PROBLEM REQUIREMENTS |
The response should be an exact transcription of the data below, free of images.

===== MATERIAL FOR THIS TASK =====

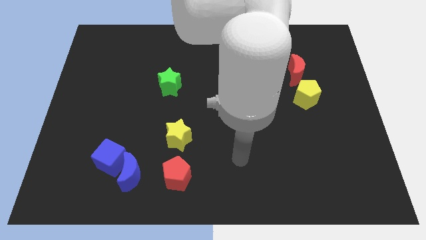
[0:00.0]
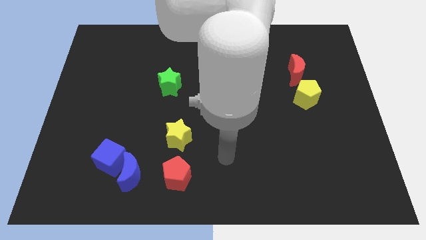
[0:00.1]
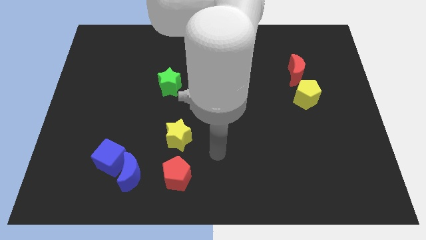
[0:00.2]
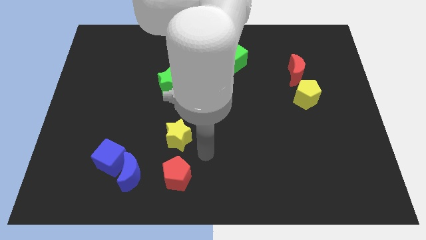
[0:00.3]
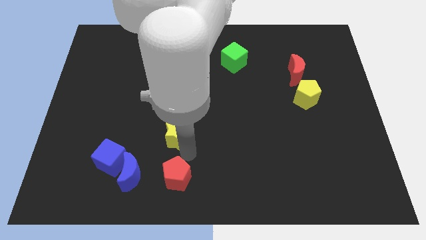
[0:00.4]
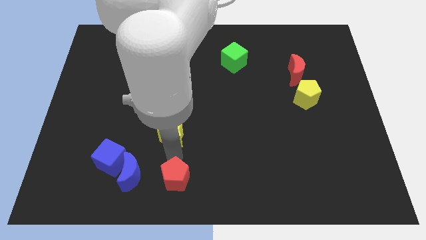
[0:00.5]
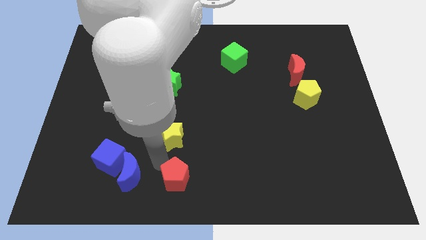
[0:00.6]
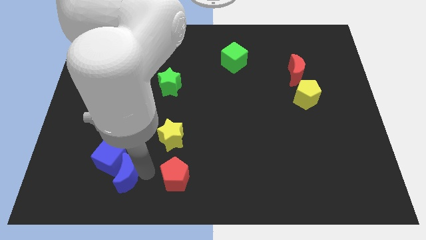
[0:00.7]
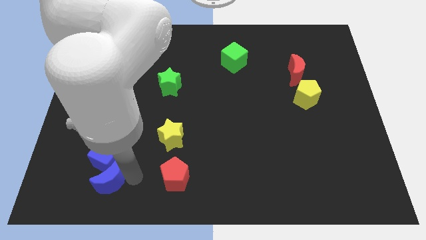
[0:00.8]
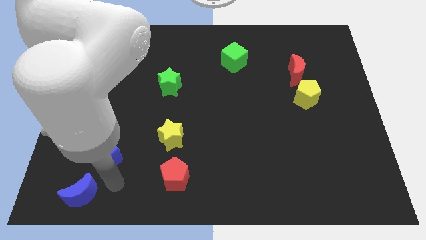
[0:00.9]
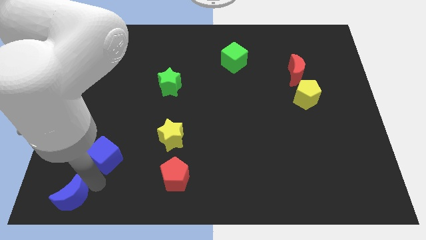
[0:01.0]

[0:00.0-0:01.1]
pull the blue cube apart from the blue moon

=====

TASK RESPONSE |
[0:00.0]
[0:00.1]
[0:00.2]
[0:00.3]
[0:00.4]
[0:00.5]
[0:00.6]
[0:00.7]
[0:00.8]
[0:00.9]
[0:01.0]

[0:00.0-0:01.1]
pull the blue cube apart from the blue moon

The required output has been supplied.